### Record extracts ###

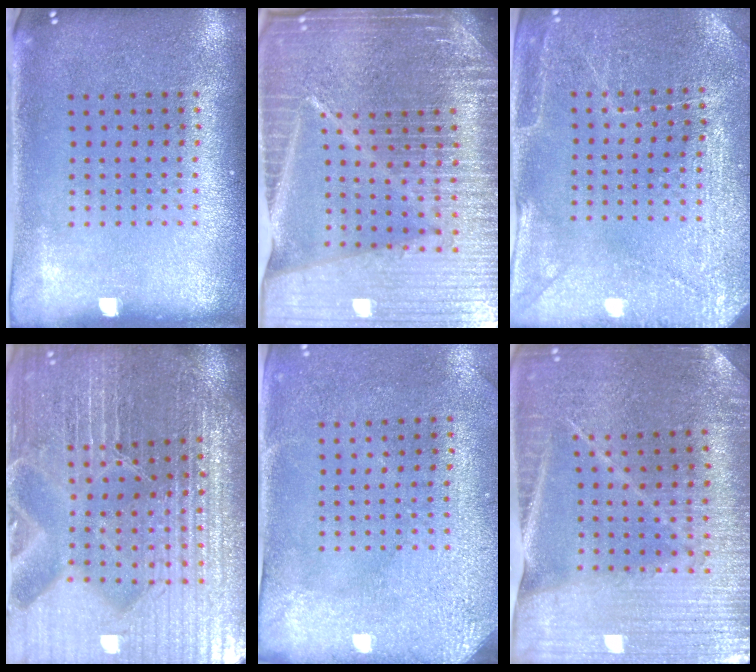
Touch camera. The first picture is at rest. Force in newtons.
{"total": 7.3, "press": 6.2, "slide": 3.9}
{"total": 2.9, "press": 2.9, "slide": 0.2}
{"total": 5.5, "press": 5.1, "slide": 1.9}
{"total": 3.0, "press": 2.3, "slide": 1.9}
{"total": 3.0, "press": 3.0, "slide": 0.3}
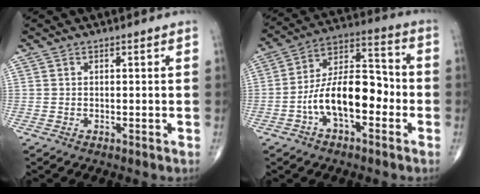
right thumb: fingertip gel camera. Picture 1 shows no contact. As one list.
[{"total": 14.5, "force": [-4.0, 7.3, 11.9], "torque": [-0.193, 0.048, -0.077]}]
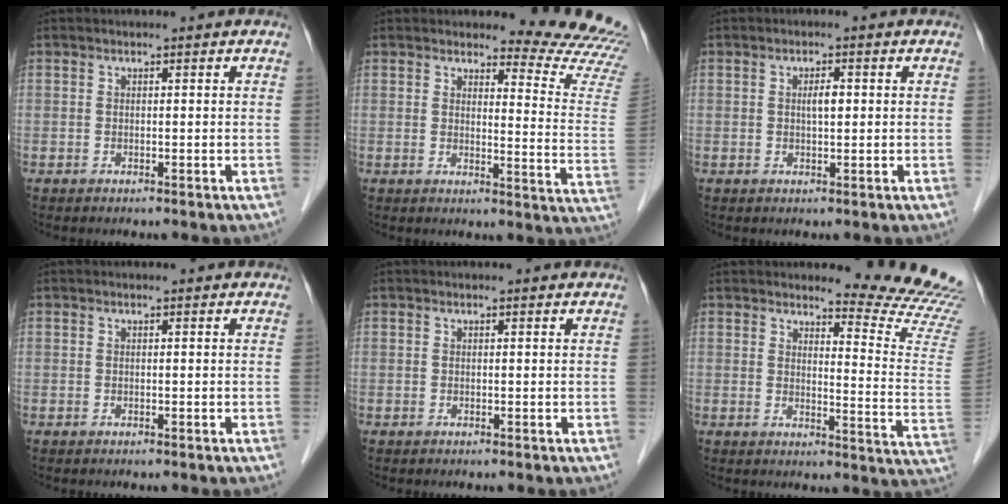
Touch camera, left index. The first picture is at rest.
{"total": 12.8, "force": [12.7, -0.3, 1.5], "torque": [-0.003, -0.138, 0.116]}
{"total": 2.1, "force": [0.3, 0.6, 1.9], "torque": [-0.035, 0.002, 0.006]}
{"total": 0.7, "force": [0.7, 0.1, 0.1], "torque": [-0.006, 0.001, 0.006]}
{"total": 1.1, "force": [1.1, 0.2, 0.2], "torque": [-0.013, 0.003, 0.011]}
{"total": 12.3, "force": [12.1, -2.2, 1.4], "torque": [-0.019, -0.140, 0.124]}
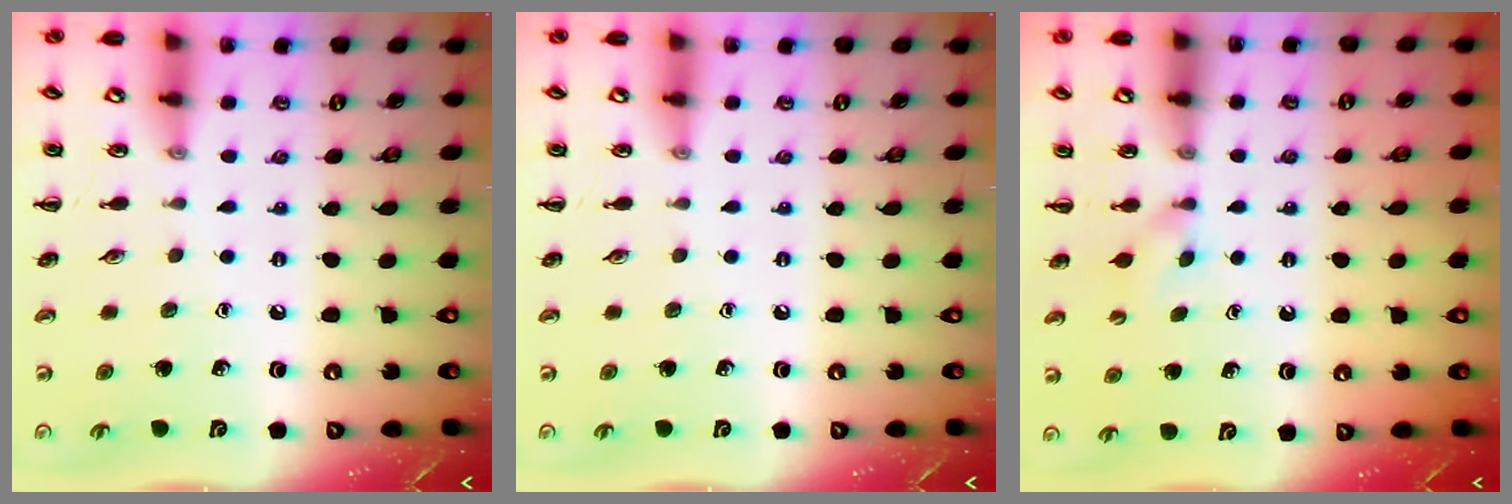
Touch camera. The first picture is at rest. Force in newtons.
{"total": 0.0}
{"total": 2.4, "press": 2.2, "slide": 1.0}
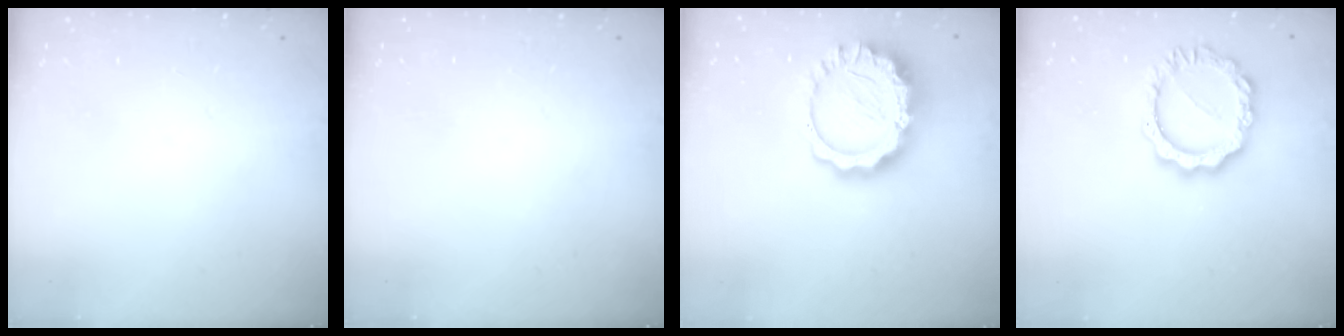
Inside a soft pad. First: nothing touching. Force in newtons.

###
### Record extracts ###

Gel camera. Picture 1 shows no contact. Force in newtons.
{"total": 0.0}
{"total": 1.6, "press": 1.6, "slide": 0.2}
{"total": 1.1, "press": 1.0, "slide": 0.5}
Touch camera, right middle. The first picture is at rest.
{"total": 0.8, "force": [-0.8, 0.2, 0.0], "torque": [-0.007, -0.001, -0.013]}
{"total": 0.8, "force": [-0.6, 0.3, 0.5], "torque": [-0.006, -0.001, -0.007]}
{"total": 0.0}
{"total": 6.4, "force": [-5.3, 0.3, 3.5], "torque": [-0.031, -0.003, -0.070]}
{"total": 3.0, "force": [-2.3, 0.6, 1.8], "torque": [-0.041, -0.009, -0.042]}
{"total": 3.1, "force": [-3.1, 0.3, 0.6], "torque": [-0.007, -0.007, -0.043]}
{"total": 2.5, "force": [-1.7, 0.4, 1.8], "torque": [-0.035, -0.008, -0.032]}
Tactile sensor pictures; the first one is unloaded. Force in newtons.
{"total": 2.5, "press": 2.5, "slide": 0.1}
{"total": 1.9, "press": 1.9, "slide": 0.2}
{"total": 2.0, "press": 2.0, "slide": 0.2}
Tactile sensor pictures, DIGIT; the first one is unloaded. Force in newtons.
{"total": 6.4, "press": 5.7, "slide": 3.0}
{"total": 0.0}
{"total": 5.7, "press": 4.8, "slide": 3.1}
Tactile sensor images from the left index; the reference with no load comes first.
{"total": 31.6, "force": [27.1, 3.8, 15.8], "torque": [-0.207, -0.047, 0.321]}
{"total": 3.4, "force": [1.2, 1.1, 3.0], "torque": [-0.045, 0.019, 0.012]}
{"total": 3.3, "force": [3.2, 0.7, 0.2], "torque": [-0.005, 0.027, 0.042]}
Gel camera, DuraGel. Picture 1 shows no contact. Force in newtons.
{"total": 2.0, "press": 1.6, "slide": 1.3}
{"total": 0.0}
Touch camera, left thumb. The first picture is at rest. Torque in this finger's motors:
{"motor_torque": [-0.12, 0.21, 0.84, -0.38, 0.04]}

###

→ **Exercise objective**:
Excerpt from the records above: set down only the lines from the one that contains "Touch camera, left index." through the one that contains "Inside a soft", inclusive, word for word. Pictures stay out.

→ **Output below**:
Touch camera, left index. The first picture is at rest.
{"total": 12.8, "force": [12.7, -0.3, 1.5], "torque": [-0.003, -0.138, 0.116]}
{"total": 2.1, "force": [0.3, 0.6, 1.9], "torque": [-0.035, 0.002, 0.006]}
{"total": 0.7, "force": [0.7, 0.1, 0.1], "torque": [-0.006, 0.001, 0.006]}
{"total": 1.1, "force": [1.1, 0.2, 0.2], "torque": [-0.013, 0.003, 0.011]}
{"total": 12.3, "force": [12.1, -2.2, 1.4], "torque": [-0.019, -0.140, 0.124]}
Touch camera. The first picture is at rest. Force in newtons.
{"total": 0.0}
{"total": 2.4, "press": 2.2, "slide": 1.0}
Inside a soft pad. First: nothing touching. Force in newtons.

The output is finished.